The legatees under the will of W. PI. Long sought to intervene, and along with this executor to prevent this judgment from being amended, because, as they allege, testator’s estate had been distributed to them before the suit was brought and the judgment rendered; lhat they had no notice of it, or of the claim upon which it is founded; that, under such distribution, they took possession of the property assigned them, and have since held and claimed and occupied and possessed it as their own for more than four years; that the executor has none of the assets of the estate in his hands that could be reached by the judgment, if amended, and that he is wholly insolvent; that, if amended and made a valid judgment, it would affect only them and their property; that it is not for the debt of their testator, and his property is not chargeable with it; that defendant is no longer the executor of testator, but has been discharged from the trust by proper authority of law; that he was so discharged before the commencement of plaintiff’s suit, and that, if the debt was in fact the testator’s debt, it is barred as to them.

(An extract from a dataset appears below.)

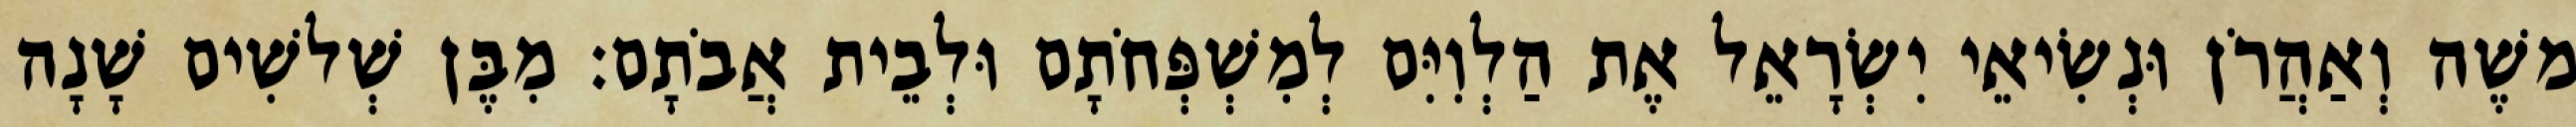
משֶׁה וְאַהֲרֹן וּנְשִׂיאֵי יִשְׂרָאֵל אֶת הַלְוִיִּם לְמִשְׁפְּחֹתָם וּלְבֵית אֲבֹתָם׃ מִבֶּן שְׁלשִׁים שָׁנָה

They therefore pray to be made parties to plaintiff’s rule. No order appears in the record granting their prayer and making them parties, nor is there anything in it going to show that their application was considered, or that it influenced the judgment awarded on the motion. The court refused the amendment and set aside the judgment, upon the prayer of the defendant. The transcript shows that the judgment was awarded by the court in 1875, and the Motion to amend was made in 1888.
*971. That the amendment asked is generally allowable, we ■ think is clear. The name of a defendant, inadvertently omitted in entering a judgment, may be inserted by amendment (29 Ga., 392); and if this be so, why may not an incorrect name, inserted by like fnistake, be amended, so as to correspond with the pleadings on which the judgment is founded? To ask is to answer the question.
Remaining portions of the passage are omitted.